In order to practice the skill, Ty Foods had to “learn a lot about flexibility and mobility. I had to understand that when you put your arm behind your back, you need to have strength at that range of motion.”

He describes himself as an “artist athlete” rather than just an artist because he has to do cardio as well as strength exercises in order to keep his body in shape. He also needs to maintain the ability to spin the fire Poi that weighs over 200 grams.

During his workshop, Foods allowed participants to practice spinning by using a sock- like piece of cloth with weighted beads inside. Foods emphasized the need to practice in order to get better. He stated that, “beginners are more creative,” because they are just getting into the art, and may be more willing to try new techniques. The more one spins, the more comfortable they get with how the weight feels while spinning.

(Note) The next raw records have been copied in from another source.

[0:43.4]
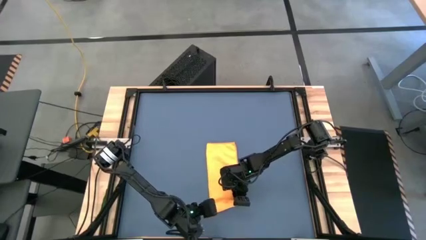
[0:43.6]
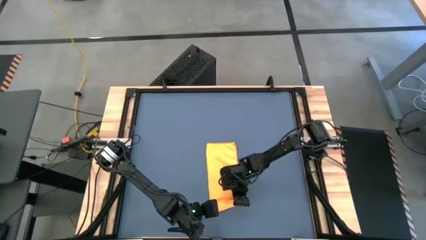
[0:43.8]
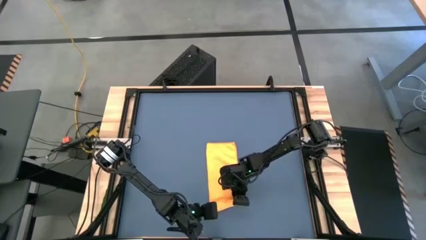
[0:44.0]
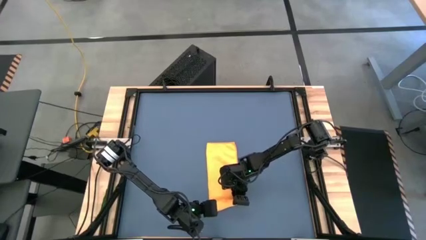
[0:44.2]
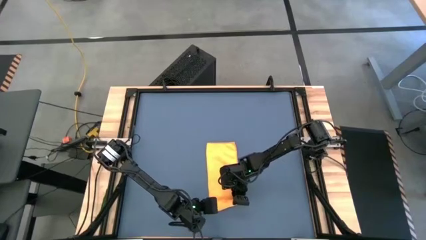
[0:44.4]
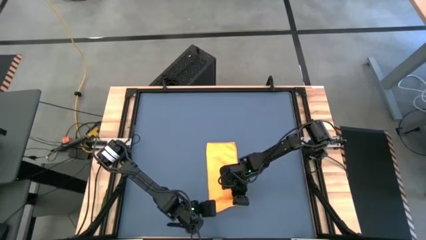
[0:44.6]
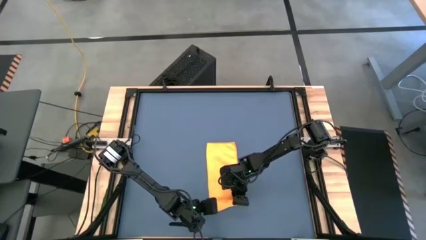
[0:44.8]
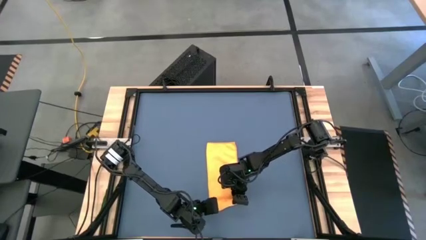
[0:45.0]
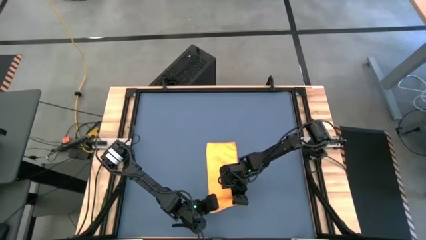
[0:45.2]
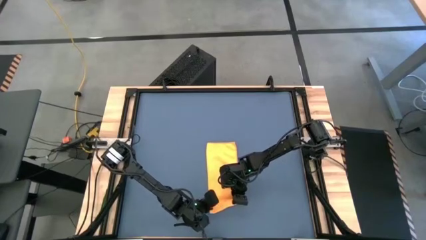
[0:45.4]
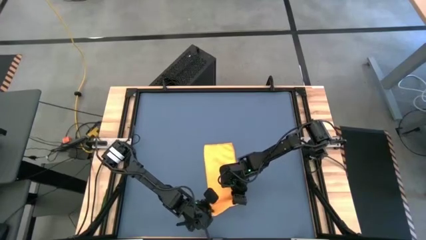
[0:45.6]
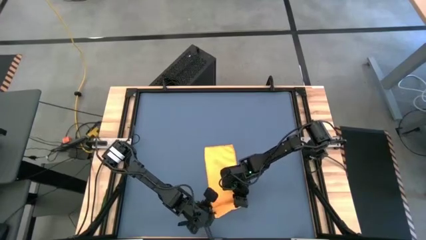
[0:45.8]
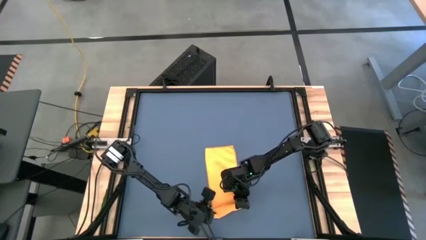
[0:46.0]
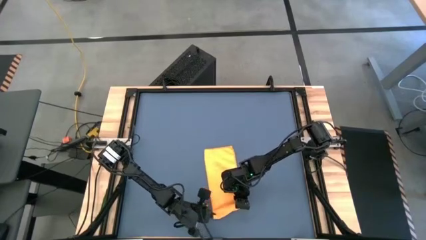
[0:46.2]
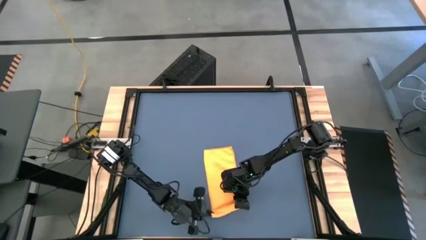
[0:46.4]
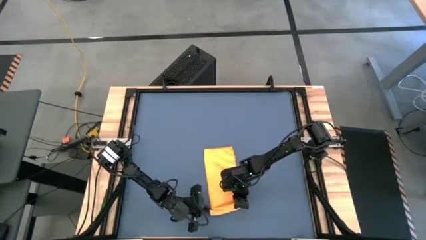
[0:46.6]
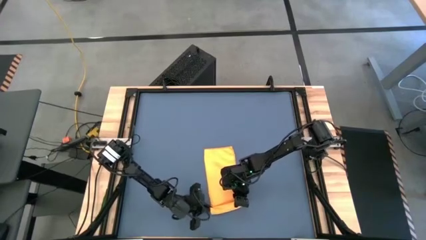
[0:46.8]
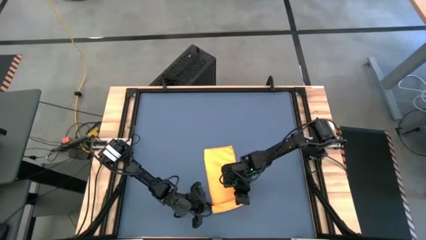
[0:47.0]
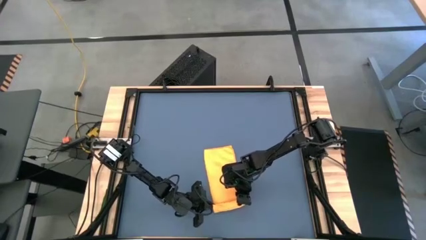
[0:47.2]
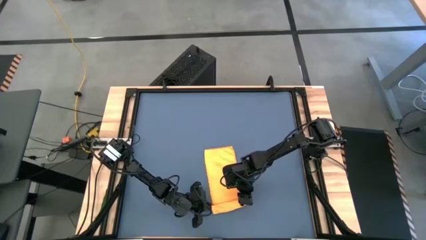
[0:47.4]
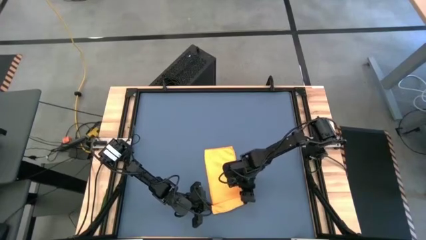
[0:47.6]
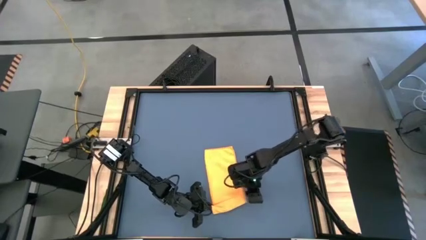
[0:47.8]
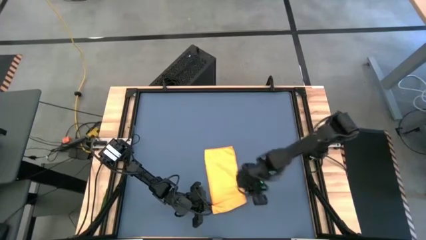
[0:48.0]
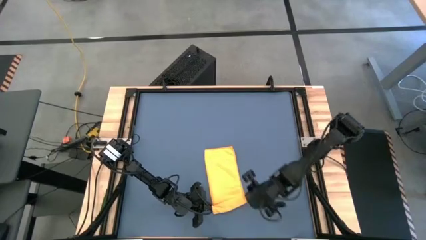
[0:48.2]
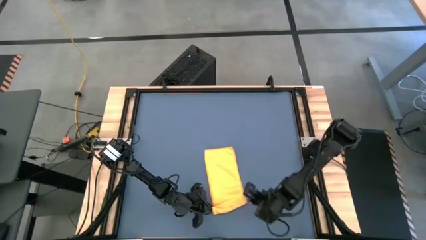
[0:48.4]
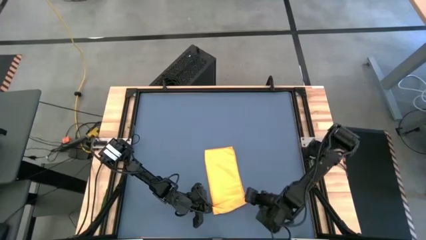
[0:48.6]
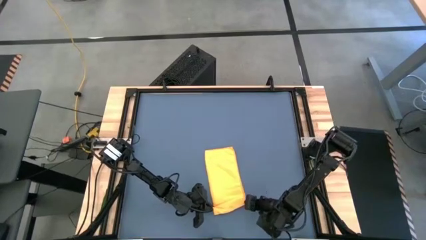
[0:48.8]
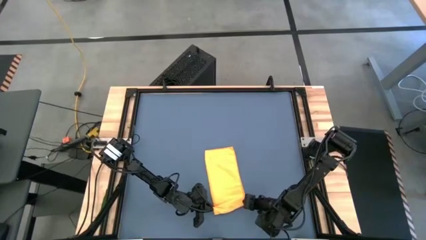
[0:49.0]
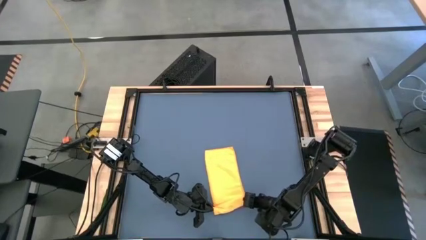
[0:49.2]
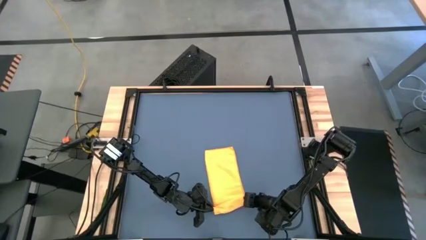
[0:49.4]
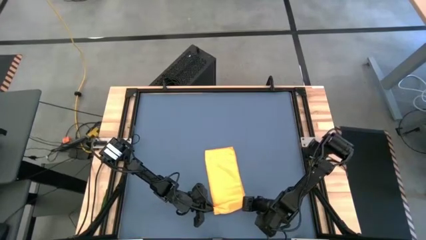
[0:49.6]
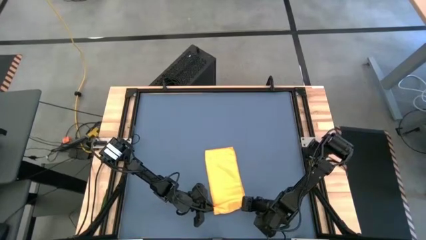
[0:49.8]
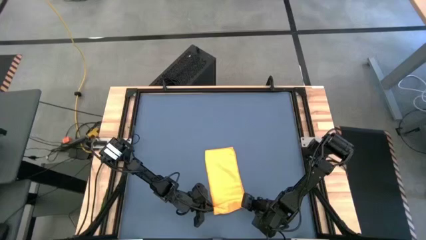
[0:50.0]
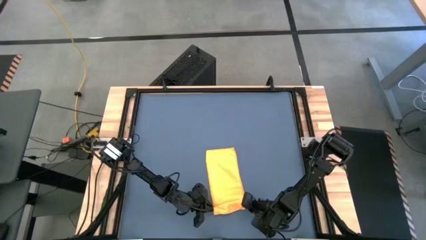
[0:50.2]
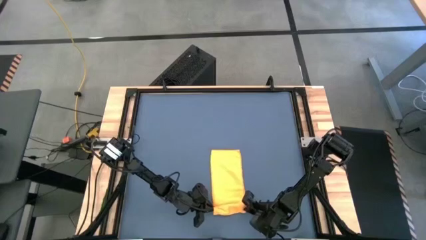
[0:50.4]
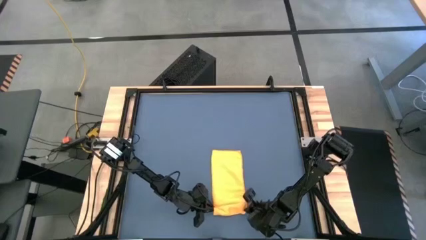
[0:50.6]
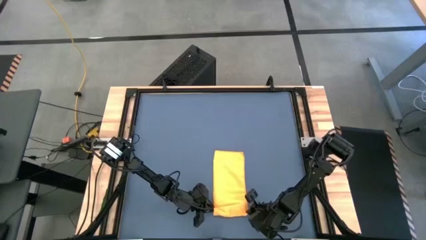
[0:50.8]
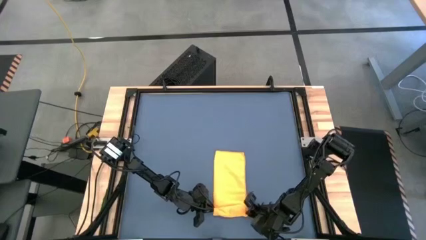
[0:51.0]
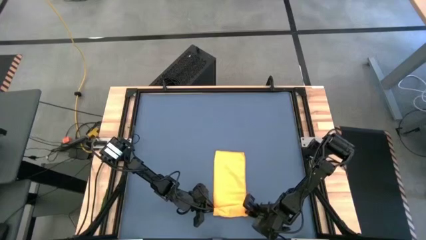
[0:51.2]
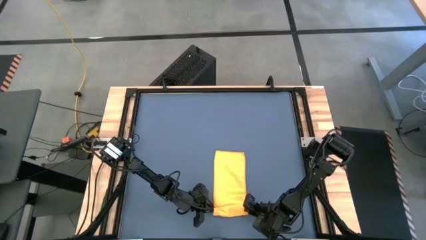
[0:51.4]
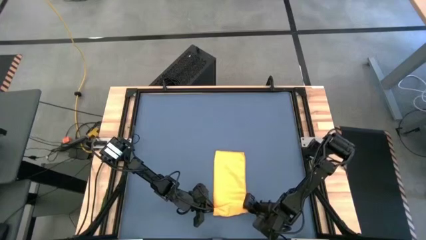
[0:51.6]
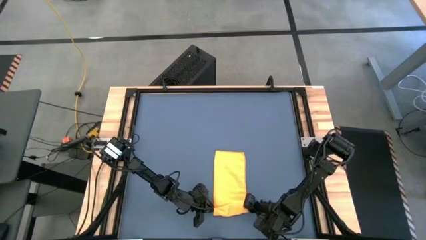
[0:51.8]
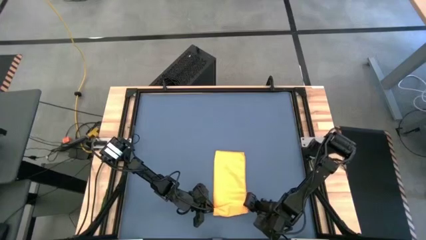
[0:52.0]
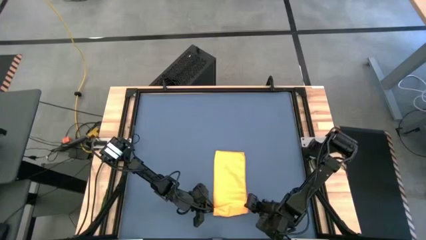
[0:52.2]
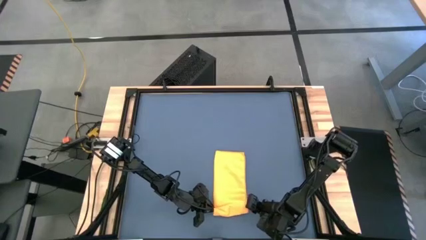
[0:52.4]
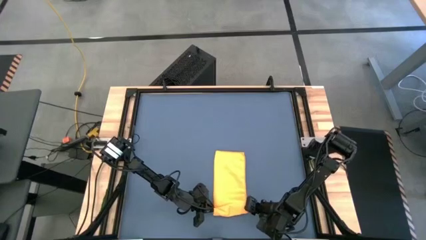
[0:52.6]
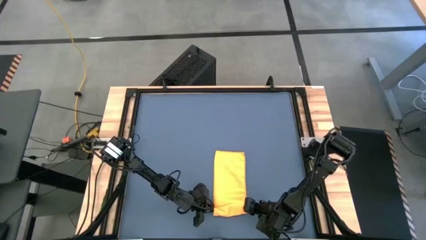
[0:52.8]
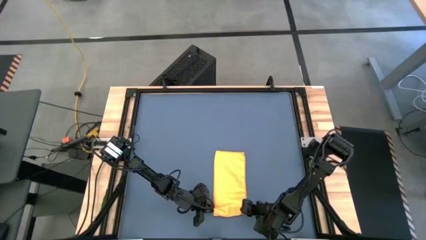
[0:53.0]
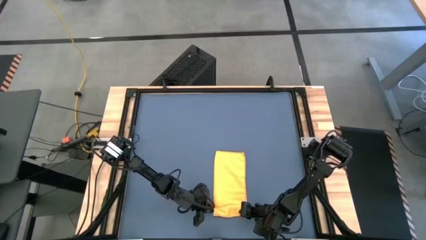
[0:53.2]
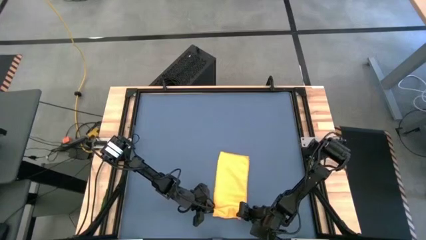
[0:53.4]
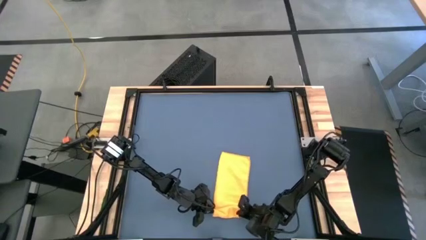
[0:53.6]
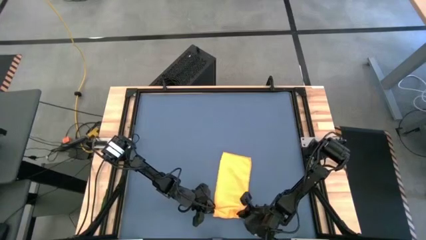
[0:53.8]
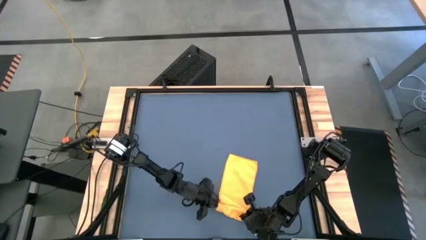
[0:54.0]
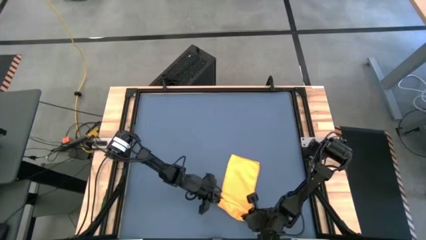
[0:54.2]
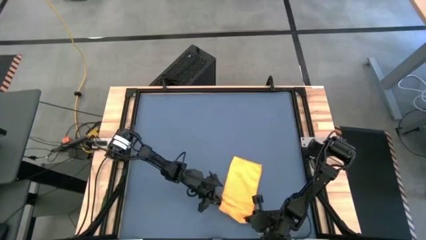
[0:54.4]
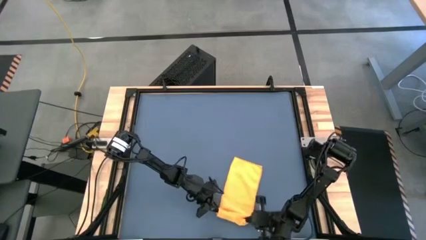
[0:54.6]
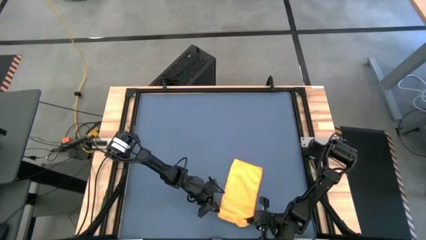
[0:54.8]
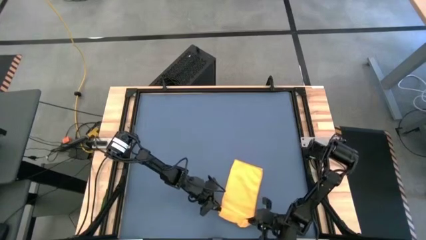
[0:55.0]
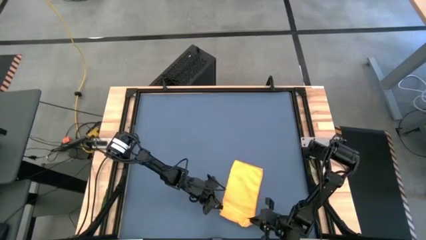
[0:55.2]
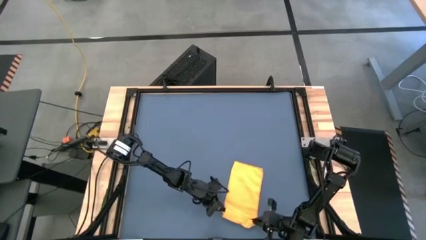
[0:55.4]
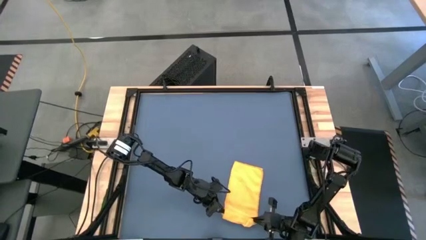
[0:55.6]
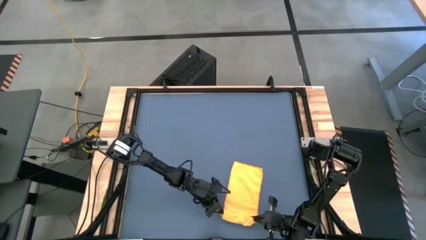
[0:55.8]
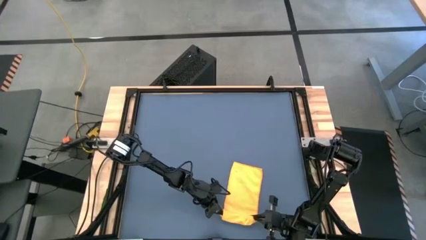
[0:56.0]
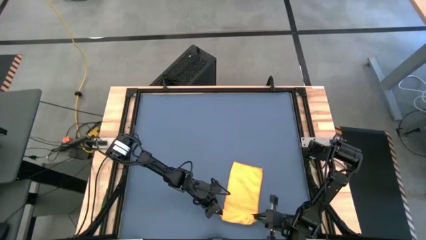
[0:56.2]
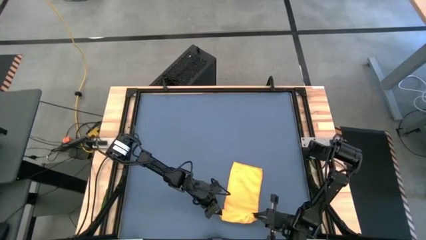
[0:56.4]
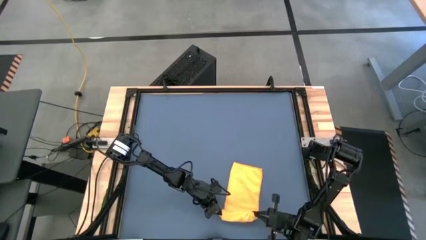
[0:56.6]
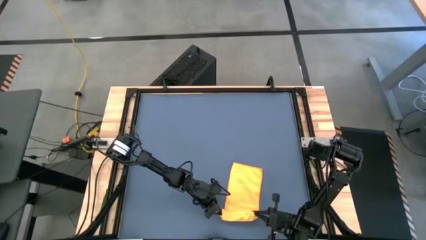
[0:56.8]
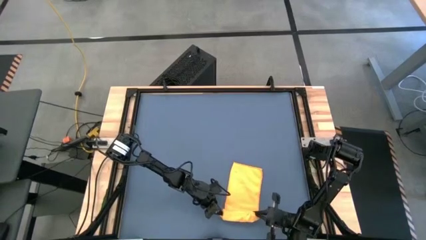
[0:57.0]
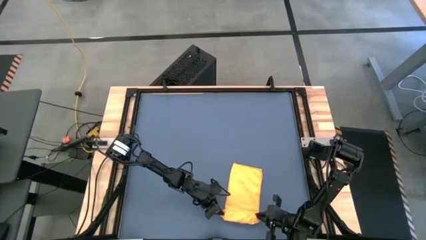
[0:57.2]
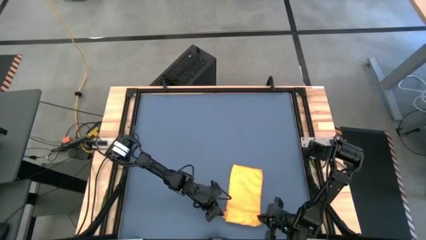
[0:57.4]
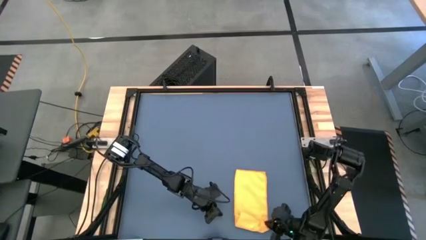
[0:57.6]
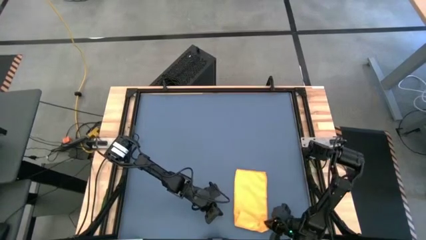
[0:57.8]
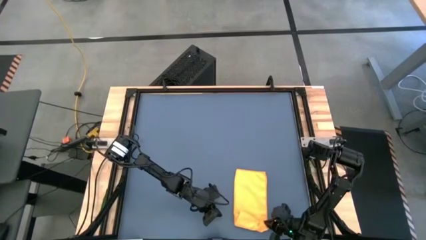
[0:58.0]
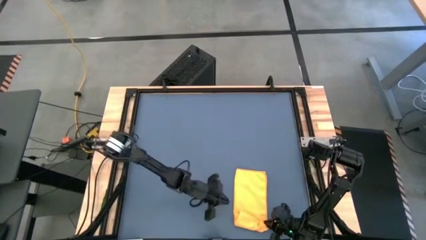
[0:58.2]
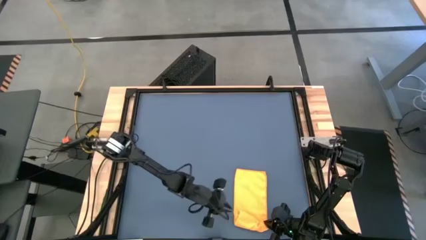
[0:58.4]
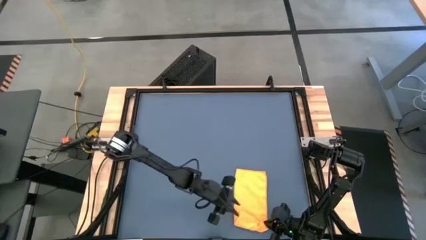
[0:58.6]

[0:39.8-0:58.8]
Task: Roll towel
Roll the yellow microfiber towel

This performance not only entertained that audience with neon lights and fire tricks, it also opened views up to a new form of art that is not familiar to our culture. Andrew Sulgit, the Director of Student Union Activities, says, “College is all about learning; I hope students attend events to discover cool new things to be involved in.”

He continues, “Poi spinning is fun, can relieve stress and anxiety, and is something you can get into without investing a lot of money. I hope students take advantage of the activities we offer, as I think it`s a great time in life to expand their horizon’s and try new stuff out.”

Foods will continue on his poi spinning tour with his girlfriend for the rest of the year. They both travel to different communities across the nation to perform and instruct people of the art of Poi spinning. He hopes that by explaining the art and showing how enjoyable it is, more people will take part in this ancient style of dance.